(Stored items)
::::

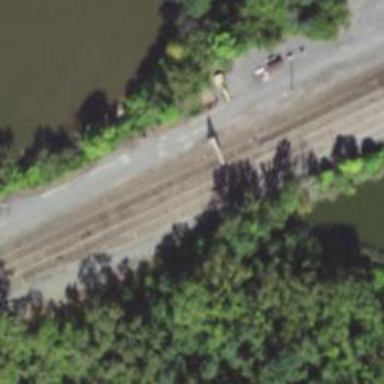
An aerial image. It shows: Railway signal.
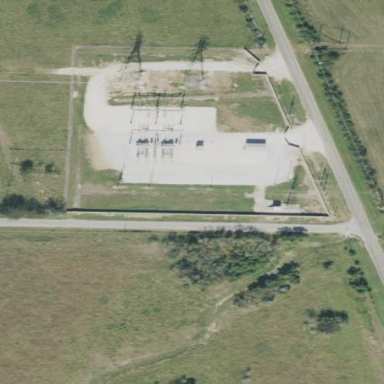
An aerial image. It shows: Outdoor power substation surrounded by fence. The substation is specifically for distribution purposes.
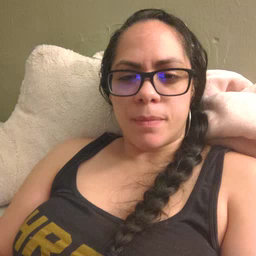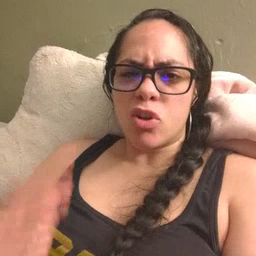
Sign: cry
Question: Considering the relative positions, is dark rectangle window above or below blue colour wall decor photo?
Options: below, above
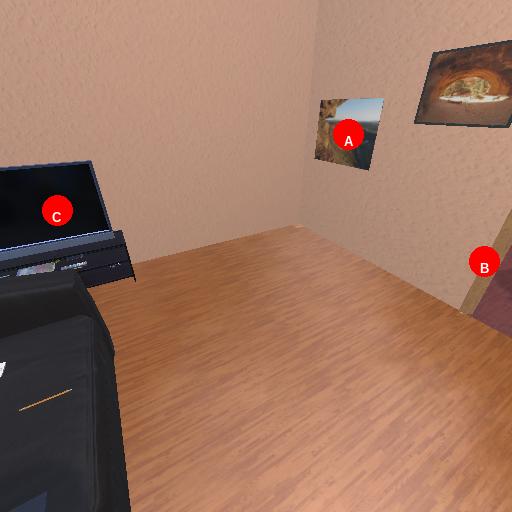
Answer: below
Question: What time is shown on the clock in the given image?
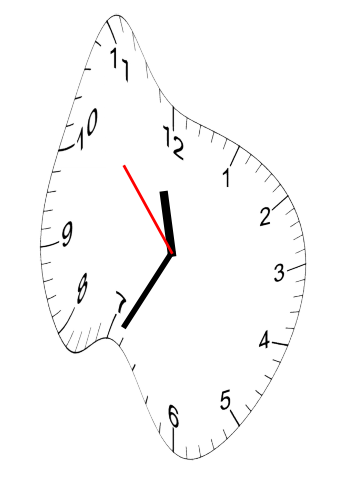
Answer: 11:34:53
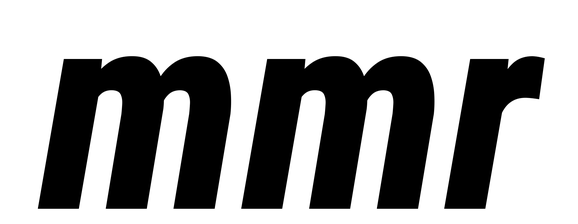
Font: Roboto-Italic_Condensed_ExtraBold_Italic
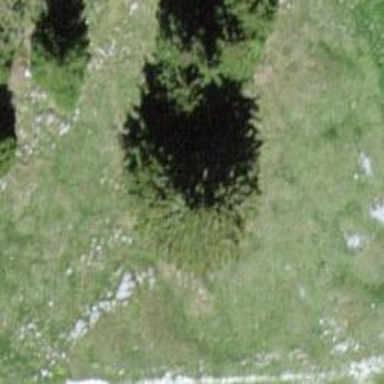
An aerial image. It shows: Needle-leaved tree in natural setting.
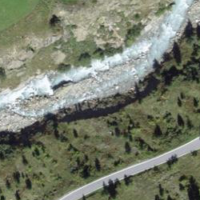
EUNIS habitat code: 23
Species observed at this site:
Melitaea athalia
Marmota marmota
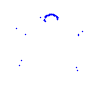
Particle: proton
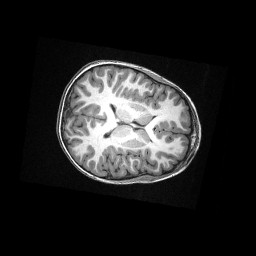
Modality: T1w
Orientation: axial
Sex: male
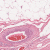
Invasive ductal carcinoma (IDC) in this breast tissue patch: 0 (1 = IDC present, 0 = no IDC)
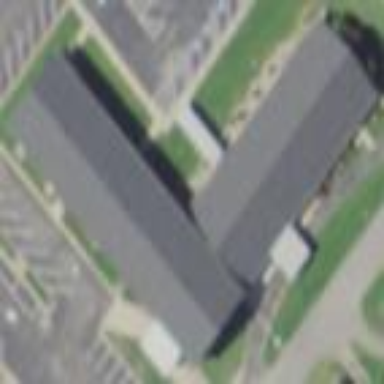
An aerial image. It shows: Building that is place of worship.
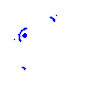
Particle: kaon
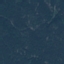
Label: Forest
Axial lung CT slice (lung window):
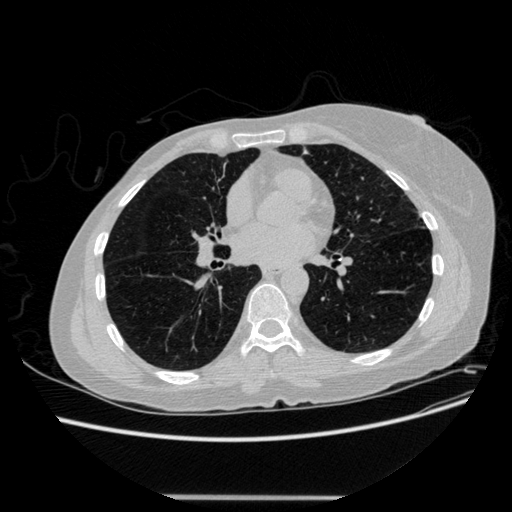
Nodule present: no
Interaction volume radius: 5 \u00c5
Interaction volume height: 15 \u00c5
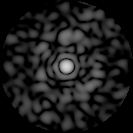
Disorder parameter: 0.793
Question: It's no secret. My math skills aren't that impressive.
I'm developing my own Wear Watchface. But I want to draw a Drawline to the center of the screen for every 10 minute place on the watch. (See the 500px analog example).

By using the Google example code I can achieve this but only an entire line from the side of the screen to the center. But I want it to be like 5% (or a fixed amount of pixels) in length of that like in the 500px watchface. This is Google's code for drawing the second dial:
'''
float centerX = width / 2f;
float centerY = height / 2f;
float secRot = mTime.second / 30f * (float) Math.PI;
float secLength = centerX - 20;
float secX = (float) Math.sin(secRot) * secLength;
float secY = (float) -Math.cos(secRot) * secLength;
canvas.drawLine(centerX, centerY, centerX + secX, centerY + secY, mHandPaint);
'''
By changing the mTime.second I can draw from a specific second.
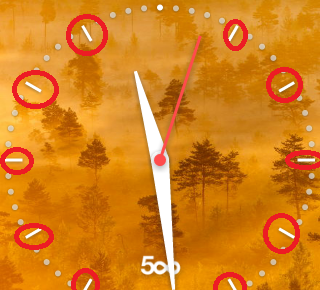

::::

## REQUIREMENT
All lines from the start of the entries above through the line containing "Axial lung CT" are to be given again exactly; the pictures are not.

## SOLUTION
An aerial image. It shows: Railway signal.
An aerial image. It shows: Outdoor power substation surrounded by fence. The substation is specifically for distribution purposes.
Sign: cry
Question: Considering the relative positions, is dark rectangle window above or below blue colour wall decor photo?
Options: below, above
Answer: below
Question: What time is shown on the clock in the given image?
Answer: 11:34:53
Font: Roboto-Italic_Condensed_ExtraBold_Italic
An aerial image. It shows: Needle-leaved tree in natural setting.
EUNIS habitat code: 23
Species observed at this site:
Melitaea athalia
Marmota marmota
Particle: proton
Modality: T1w
Orientation: axial
Sex: male
Invasive ductal carcinoma (IDC) in this breast tissue patch: 0 (1 = IDC present, 0 = no IDC)
An aerial image. It shows: Building that is place of worship.
Particle: kaon
Label: Forest
Axial lung CT slice (lung window):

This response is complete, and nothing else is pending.